Providers and routing

Kheish distinguishes between a configured route and the underlying provider driver. A configured route has:
  • a stable route_id such as openai, anthropic, openrouter, or research
  • one underlying provider driver such as openai, anthropic, openrouter, google, or xai
  • one current model
  • coarse capabilities exposed to the daemon, such as multimodal input, native web search, image generation, and image editing
This distinction still matters because one daemon can expose multiple named routes that share the same driver. For example, a route named research can use the openrouter driver without being the same route as openrouter. Kheish currently supports these first-class drivers:
  • anthropic
  • google
  • openai
  • openrouter
  • xai

Daemon route inventory

One daemon can expose multiple routes at once.
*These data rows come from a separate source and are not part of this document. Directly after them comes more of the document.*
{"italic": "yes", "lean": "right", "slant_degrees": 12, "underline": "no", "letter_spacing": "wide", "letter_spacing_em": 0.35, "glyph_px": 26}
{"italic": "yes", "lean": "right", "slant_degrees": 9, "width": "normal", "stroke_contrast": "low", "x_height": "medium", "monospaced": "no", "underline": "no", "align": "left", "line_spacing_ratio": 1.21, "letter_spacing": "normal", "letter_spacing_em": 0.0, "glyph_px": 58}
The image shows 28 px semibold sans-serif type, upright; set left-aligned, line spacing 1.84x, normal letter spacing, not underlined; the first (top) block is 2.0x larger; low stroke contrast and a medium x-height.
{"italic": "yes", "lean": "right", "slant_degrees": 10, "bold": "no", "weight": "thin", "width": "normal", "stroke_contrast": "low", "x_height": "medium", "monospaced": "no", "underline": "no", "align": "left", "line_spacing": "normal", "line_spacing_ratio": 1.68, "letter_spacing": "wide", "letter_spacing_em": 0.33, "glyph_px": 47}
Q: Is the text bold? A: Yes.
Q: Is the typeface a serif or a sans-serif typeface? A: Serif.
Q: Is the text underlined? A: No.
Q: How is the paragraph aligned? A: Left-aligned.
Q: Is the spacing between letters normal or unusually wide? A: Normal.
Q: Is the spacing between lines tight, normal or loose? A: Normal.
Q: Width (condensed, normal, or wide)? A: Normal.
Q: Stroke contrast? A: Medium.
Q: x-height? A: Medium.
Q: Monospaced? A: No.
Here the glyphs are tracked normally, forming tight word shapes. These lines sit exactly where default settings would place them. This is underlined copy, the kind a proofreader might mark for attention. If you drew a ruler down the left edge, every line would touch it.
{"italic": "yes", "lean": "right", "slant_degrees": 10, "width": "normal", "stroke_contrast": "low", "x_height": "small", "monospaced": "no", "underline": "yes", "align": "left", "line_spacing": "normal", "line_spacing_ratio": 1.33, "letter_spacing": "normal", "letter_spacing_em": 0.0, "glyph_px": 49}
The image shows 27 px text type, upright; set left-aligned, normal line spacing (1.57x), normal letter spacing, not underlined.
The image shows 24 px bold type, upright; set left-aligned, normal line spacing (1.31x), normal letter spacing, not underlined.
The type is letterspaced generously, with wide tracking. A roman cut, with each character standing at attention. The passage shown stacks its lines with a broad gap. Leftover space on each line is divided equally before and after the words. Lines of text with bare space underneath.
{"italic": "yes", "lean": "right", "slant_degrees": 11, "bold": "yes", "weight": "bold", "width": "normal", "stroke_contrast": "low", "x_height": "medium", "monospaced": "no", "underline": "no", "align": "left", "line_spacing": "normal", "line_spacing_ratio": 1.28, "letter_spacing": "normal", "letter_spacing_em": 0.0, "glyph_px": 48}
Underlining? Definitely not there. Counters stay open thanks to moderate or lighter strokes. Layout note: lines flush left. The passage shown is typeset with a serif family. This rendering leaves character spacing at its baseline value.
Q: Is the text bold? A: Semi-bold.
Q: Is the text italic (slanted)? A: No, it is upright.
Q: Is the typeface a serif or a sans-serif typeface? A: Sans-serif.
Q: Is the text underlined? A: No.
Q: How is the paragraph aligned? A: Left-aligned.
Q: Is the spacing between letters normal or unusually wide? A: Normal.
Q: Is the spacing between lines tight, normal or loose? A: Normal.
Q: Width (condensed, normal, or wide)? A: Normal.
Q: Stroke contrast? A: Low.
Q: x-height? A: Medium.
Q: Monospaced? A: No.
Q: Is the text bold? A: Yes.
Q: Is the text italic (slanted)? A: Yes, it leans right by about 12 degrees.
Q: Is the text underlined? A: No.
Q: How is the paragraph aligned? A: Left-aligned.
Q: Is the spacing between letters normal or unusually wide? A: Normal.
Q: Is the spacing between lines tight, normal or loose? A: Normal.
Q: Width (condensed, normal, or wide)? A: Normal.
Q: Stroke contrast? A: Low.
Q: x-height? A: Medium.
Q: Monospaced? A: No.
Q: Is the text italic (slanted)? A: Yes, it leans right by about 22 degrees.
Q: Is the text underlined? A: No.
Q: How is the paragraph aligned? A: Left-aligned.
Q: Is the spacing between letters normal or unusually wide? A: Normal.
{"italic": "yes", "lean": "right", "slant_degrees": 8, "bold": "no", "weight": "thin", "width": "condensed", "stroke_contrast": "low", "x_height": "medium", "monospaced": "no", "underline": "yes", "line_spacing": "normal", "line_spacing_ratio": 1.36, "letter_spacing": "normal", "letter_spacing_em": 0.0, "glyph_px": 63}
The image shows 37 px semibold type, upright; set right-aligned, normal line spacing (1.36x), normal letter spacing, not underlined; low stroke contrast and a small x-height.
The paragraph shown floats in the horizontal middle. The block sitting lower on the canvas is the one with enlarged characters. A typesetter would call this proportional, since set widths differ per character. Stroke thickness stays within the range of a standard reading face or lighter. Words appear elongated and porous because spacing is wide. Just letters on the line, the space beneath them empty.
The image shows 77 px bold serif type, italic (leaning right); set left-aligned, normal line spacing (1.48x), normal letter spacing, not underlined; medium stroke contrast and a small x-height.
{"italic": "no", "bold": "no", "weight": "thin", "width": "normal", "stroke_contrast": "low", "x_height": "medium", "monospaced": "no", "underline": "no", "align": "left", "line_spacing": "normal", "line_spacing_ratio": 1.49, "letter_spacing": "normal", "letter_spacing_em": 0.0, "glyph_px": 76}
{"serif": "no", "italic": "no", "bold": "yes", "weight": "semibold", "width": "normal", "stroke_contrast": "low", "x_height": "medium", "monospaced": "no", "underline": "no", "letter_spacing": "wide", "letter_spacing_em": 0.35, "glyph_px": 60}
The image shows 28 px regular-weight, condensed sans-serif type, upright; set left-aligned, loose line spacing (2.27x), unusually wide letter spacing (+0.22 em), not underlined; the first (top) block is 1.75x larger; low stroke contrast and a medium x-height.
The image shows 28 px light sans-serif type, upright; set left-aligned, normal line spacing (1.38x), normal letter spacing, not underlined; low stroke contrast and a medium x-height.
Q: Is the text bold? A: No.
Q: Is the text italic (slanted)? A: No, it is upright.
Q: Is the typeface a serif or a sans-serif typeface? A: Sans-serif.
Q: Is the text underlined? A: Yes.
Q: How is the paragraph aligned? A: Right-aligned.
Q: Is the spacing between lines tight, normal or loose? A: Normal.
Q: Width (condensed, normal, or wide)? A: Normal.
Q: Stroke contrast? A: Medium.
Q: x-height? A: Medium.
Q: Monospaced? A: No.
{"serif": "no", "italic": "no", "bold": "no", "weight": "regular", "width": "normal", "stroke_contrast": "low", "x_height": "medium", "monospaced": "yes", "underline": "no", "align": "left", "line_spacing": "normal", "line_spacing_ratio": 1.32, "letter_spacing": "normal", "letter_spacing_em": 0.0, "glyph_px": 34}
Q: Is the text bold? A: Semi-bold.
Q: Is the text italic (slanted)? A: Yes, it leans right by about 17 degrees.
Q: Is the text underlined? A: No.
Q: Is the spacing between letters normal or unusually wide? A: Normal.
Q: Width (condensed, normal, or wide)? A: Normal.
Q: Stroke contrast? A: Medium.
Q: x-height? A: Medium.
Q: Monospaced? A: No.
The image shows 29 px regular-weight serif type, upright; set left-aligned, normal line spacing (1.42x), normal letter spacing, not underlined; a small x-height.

The runtime keeps a daemon-owned route inventory that includes:
  • a default route used when no more specific policy applies
  • one or more named routes such as openai, anthropic, openrouter, or research
  • the current model and underlying driver for each route
  • coarse route capabilities such as multimodal input, native web search, image generation support, and image editing support
This is why one daemon can run:
  • one session on Anthropic
  • another session on OpenAI
  • another session on a custom research route backed by OpenRouter
  • one child sidechain on a cheaper route
  • one image-editing run on one named route while text orchestration remains on another
without changing the daemon process itself.

Routes file

The recommended multi-route startup path is serve --routes-file .... The file format is TOML:
version = 1
default_route = "openrouter"

[routes.openrouter]
driver = "openrouter"
default_model = "openai/gpt-5.4-mini"
model_support = "any"
auth_ref = "openrouter.primary"

[routes.openai]
driver = "openai"
default_model = "gpt-5.4"
auth_ref = "openai.prod"
Populate those refs through the daemon-managed secret store before startup:
export KHEISH_AUTH_STORE_MASTER_KEY="$(./target/debug/kheish-daemon secrets generate)"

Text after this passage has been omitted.